Those dreams ended when her father burst into her room and declared that she was to be the white sheep, the one that didn’t follow orders and rebelled against the gods. She instantly became inspired to prove her father wrong, and successfully complete his trials—in the hope that she gained his respect.

Respect was everything in Olympus. If you didn’t have it, you were nothing, and nobody turned a head in your direction. You became exiled, like Circe did. She was exiled by her father Helios, where she lived on an island called Aeaea, for killing the prince of Colchis, who was her husband at the time.

Josephine rebelling against her father and becoming a musician was just about the same as Circe killing her husband—for different reasons, of course. Josephine would be killing her reputation, her glamour, her bloodline, for a hobby.

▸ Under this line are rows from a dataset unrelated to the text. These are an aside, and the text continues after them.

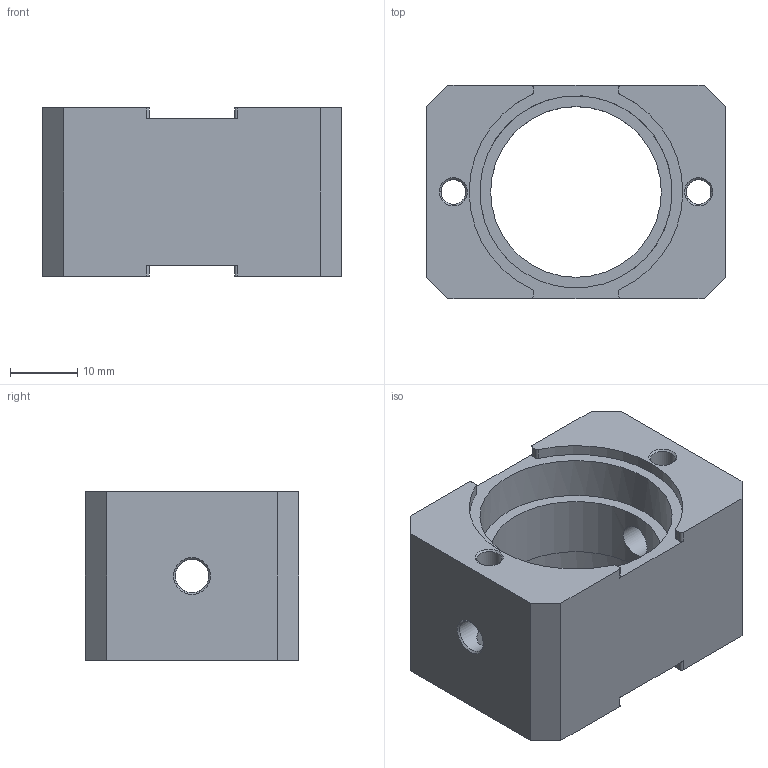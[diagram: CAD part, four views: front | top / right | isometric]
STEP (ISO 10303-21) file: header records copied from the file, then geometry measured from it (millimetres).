
FILE_DESCRIPTION(/* description */ (''),/* implementation_level */ '2;1');
FILE_NAME(/* name */ 'sl_axle_block_live.stp',/* time_stamp */ '2014-04-09T20:50:51-05:00',/* author */ ('ajlapp'),/* organization */ (''),/* preprocessor_version */ 'ST-DEVELOPER v15.2',/* originating_system */ 'Autodesk Inventor 2014',/* authorisation */ '');
FILE_SCHEMA (('AUTOMOTIVE_DESIGN { 1 0 10303 214 3 1 1 }'));
Length unit declared in the file: inch
Products named in the file (1): sl_axle_block_live
Bounding box: 44.45 x 31.75 x 25.02 mm (x, y, z)
Volume: 18645.2 mm3; surface area: 8038 mm2
Topology: 1 solids, 1 shells, 59 faces, 173 edges, 115 vertices
Faces by surface type: cylinder 29, plane 24, cone 6
Full cylindrical faces by diameter (mm): 3.683 x4, 4.978 x2, 25.4 x1, 28.6 x2
Entity records: 2057 total; most frequent: CARTESIAN_POINT 538, DIRECTION 316, ORIENTED_EDGE 288, EDGE_CURVE 144, AXIS2_PLACEMENT_3D 118, VERTEX_POINT 104, EDGE_LOOP 90, LINE 80
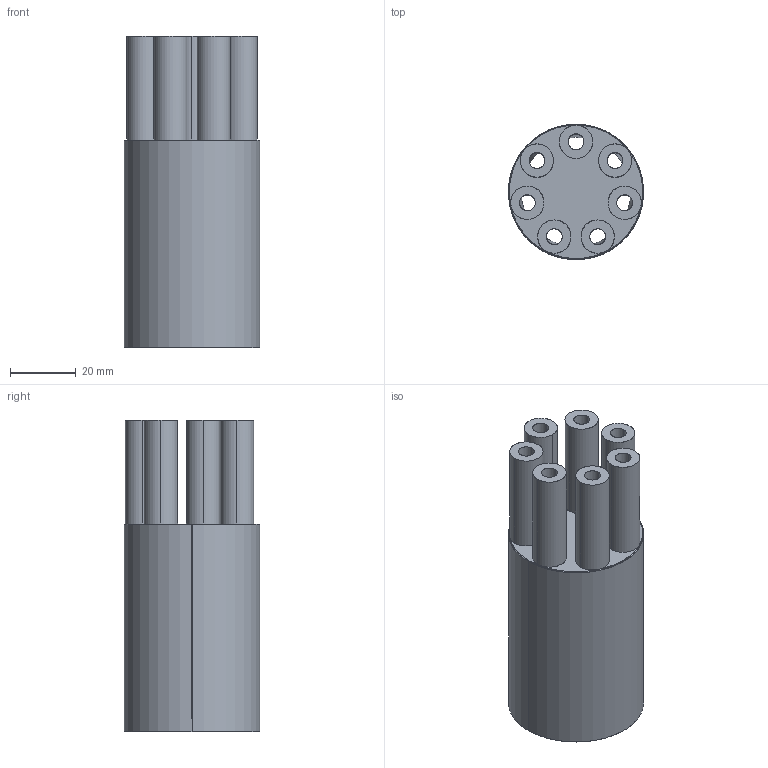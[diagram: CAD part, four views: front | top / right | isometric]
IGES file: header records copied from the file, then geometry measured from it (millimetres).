
Start section: SolidWorks IGES file using analytic representation for surfaces
Global section: file name: NUBB7-1.IGS; native system: SolidWorks 2020; preprocessor: SolidWorks 2020; author: office; date: 210610.072301; units: inch
Bounding box: 41.27 x 41.27 x 95.25 mm (x, y, z)
Surface area: 28021.1 mm2 (no closed solid volume)
Topology: 0 solids, 0 shells, 54 faces, 1331 edges, 1331 vertices
Faces by surface type: revolution 35, bspline 19

The world slowed around her as she ducked underneath the overpass. The sound of journalists and news reporters bombarded her with questions as soon as she entered the arena side-rooms. The Koroibos was a large arena, mostly used to host some of the Ancient Olympic Games, where gladiators and Olympians would fight to the death to prove their strength and power. These games drew in people from all around Greece, from Olympia to Delphi and beyond.

“How does it feel to defeat the son of Zeus?”

“Is your father going to be attending the next trial?”

“Do you have anything to say to those watching?”

Josephine ignored every question and continued into the large stone corridor which led to the outskirts of the area. She had no warrior to protect her, and at that point she was a target to everyone else competing in the pre-trials.

Crowds shuffled out, and she blended in with them. She eventually lost the journalists and made it to a quiet area, right on the edge of the lake about a mile from where the trial took place. She could feel nothing but anxiety, her hands trembled, and her leg shook once she sat down on the cold, steel bench. A couple further away could be seen hugging and dancing to the fiddle player—the melodies and strings enough to eventually relieve Josephine of her negative thoughts. The sounds were distant enough to not be overwhelming.

She looked up at the sky and closed her eyes. She couldn’t help but wonder if her father had secretly watched her from above, or maybe sent one of his minions to spy on her. Surely, he would be intrigued on whether or not Josephine passed her first trial. If he hadn’t, she was sure he’d already received news of it, and wondered if she’d survive the next five. Maybe he doubted her.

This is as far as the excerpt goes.